4. Post-Keynesian Policy Recommendations
📌 Post-Keynesians argue that economic policies should focus on demand management, employment, and financial regulation.
✔ 1. Fiscal Policy (Government Spending)
- Keynesian policies should be permanent, not just during recessions.
- Governments should invest in infrastructure, healthcare, and education.
✔ 2. Full Employment Policies
- Advocates Job Guarantee Programs (inspired by Keynes’ idea of government as an employer of last resort).
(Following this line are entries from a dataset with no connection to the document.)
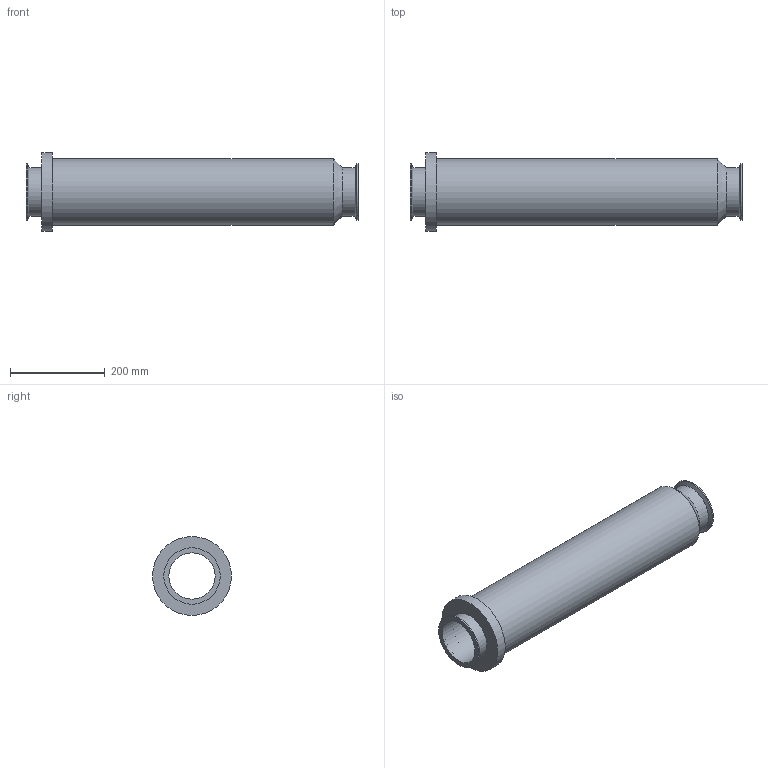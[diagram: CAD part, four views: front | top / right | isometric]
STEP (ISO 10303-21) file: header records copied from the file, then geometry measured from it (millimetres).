
FILE_DESCRIPTION(/* description */ (''),/* implementation_level */ '2;1');
FILE_NAME(/* name */ 'ST-CXC_40.stp',/* time_stamp */ '2021-08-20T14:31:19+09:00',/* author */ ('m'),/* organization */ (''),/* preprocessor_version */ 'ST-DEVELOPER v18.1',/* originating_system */ 'Autodesk Inventor 2021',/* authorisation */ '');
FILE_SCHEMA (('AUTOMOTIVE_DESIGN { 1 0 10303 214 3 1 1 }'));
Length unit declared in the file: millimetre
Products named in the file (1): ST-CXC_40
Bounding box: 700 x 166.5 x 166.5 mm (x, y, z)
Volume: 5125480.3 mm3; surface area: 549924.8 mm2
Topology: 1 solids, 1 shells, 14 faces, 24 edges, 14 vertices
Faces by surface type: cylinder 7, plane 4, cone 3
Full cylindrical faces by diameter (mm): 97.6 x1, 101.6 x2, 119 x2, 139.8 x1, 166.5 x1
Entity records: 379 total; most frequent: DIRECTION 68, CARTESIAN_POINT 53, ORIENTED_EDGE 48, AXIS2_PLACEMENT_3D 29, EDGE_CURVE 24, EDGE_LOOP 18, FACE_OUTER_BOUND 14, CIRCLE 14
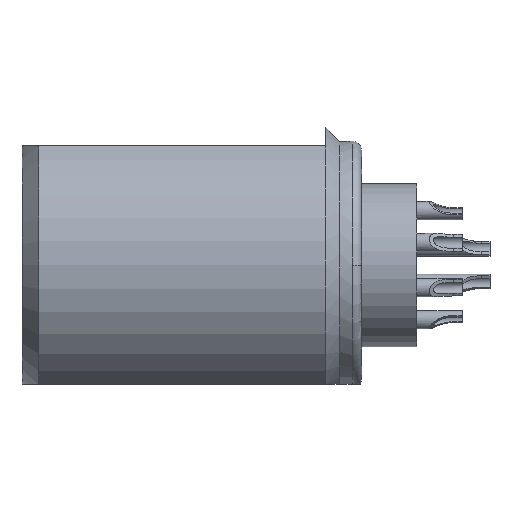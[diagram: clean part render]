
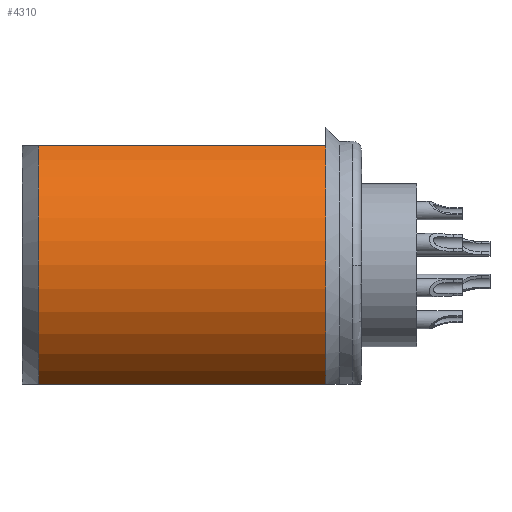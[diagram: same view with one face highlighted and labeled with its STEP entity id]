
A CAD part, front view. The second image highlights one B-rep face of the part: STEP entity #4310.
In plain terms, the highlighted cylindrical face has radius 7.5 mm (diameter 15 mm), a partial arc.
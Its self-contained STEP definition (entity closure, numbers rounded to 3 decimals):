
#417=CARTESIAN_POINT('',(3.55,0.,0.));
#418=DIRECTION('',(1.,0.,0.));
#419=DIRECTION('',(0.,-0.499,0.867));
#420=AXIS2_PLACEMENT_3D('',#417,#418,#419);
#422=DIRECTION('',(1.,0.,0.));
#423=VECTOR('',#422,15.65);
#424=CARTESIAN_POINT('',(-12.1,-3.742,-6.5));
#425=LINE('',#424,#423);
#426=DIRECTION('',(1.,0.,0.));
#427=VECTOR('',#426,15.65);
#428=CARTESIAN_POINT('',(-12.1,-3.742,6.5));
#429=LINE('',#428,#427);
#430=CARTESIAN_POINT('',(-12.1,0.,0.));
#431=DIRECTION('',(1.,0.,0.));
#432=DIRECTION('',(0.,-0.499,0.867));
#433=AXIS2_PLACEMENT_3D('',#430,#431,#432);
#3330=CARTESIAN_POINT('',(-12.1,-3.742,6.5));
#3331=CARTESIAN_POINT('',(3.55,-3.742,6.5));
#3332=VERTEX_POINT('',#3330);
#3333=VERTEX_POINT('',#3331);
#3334=CARTESIAN_POINT('',(-12.1,-3.742,-6.5));
#3335=CARTESIAN_POINT('',(3.55,-3.742,-6.5));
#3336=VERTEX_POINT('',#3334);
#3337=VERTEX_POINT('',#3335);
#4296=CARTESIAN_POINT('',(-13.925,0.,0.));
#4297=DIRECTION('',(1.,0.,0.));
#4298=DIRECTION('',(0.,-1.,0.));
#4299=AXIS2_PLACEMENT_3D('',#4296,#4297,#4298);
#4300=CYLINDRICAL_SURFACE('',#4299,7.5);
#4302=ORIENTED_EDGE('',*,*,#4301,.T.);
#4303=ORIENTED_EDGE('',*,*,#4259,.F.);
#4305=ORIENTED_EDGE('',*,*,#4304,.F.);
#4307=ORIENTED_EDGE('',*,*,#4306,.T.);
#4308=EDGE_LOOP('',(#4302,#4303,#4305,#4307));
#4309=FACE_OUTER_BOUND('',#4308,.F.);
#4310=ADVANCED_FACE('',(#4309),#4300,.T.);
#421=CIRCLE('',#420,7.5);
#434=CIRCLE('',#433,7.5);
#4259=EDGE_CURVE('',#3336,#3337,#425,.T.);
#4301=EDGE_CURVE('',#3333,#3337,#421,.T.);
#4304=EDGE_CURVE('',#3332,#3336,#434,.T.);
#4306=EDGE_CURVE('',#3332,#3333,#429,.T.);

- Example: Argentina’s Jefes de Hogar employment program.
✔ 3. Financial Regulation
- Stronger banking regulations to prevent crises (e.g., Glass-Steagall Act).
- Control over speculative activities (e.g., Tobin Tax on financial transactions).
✔ 4. Progressive Taxation & Income Redistribution
- High incomes should be taxed progressively to reduce inequality.
- Universal Basic Income (UBI) and higher minimum wages to boost demand.
5. Differences Between Keynesian and Post-Keynesian Economics
| Feature | Keynesian Economics | Post-Keynesian Economics |
|---|---|---|
| Equilibrium | Focuses on short-run equilibrium | Rejects equilibrium, focuses on dynamic processes |
| Uncertainty | Less emphasis on uncertainty | Fundamental uncertainty drives investment |
| Money & Finance | Money supply is controlled by central banks | Banks create money endogenously |
| Income Distribution | Not a central issue | Key issue affecting demand and growth |
| Government Role | Intervene during recessions | Permanent role in managing demand and full employment |
| Crisis Explanation | Market failures | Financial instability and speculation |
6. Criticism of Post-Keynesian Economics
✔ Too much reliance on government intervention – Critics argue this could lead to inflation and inefficiency.
✔ Lack of a single, unified model – Post-Keynesianism includes multiple competing theories.
✔ Difficult to apply in policy – Some ideas (e.g., financial instability) are hard to quantify.
🚀 Counterpoint: Recent crises (e.g., 2008) validate Post-Keynesian concerns about financial instability and inequality.
7. Conclusion
✔ Post-Keynesian Economics extends Keynes’ ideas by emphasizing financial instability, inequality, and real-world market failures.
✔ It argues that demand, uncertainty, and institutions shape economic outcomes.
✔ Policy focus: Full employment, strong financial regulations, and income redistribution.
✔ Minsky’s insights on financial crises have gained recognition after 2008, making PKE more relevant than ever.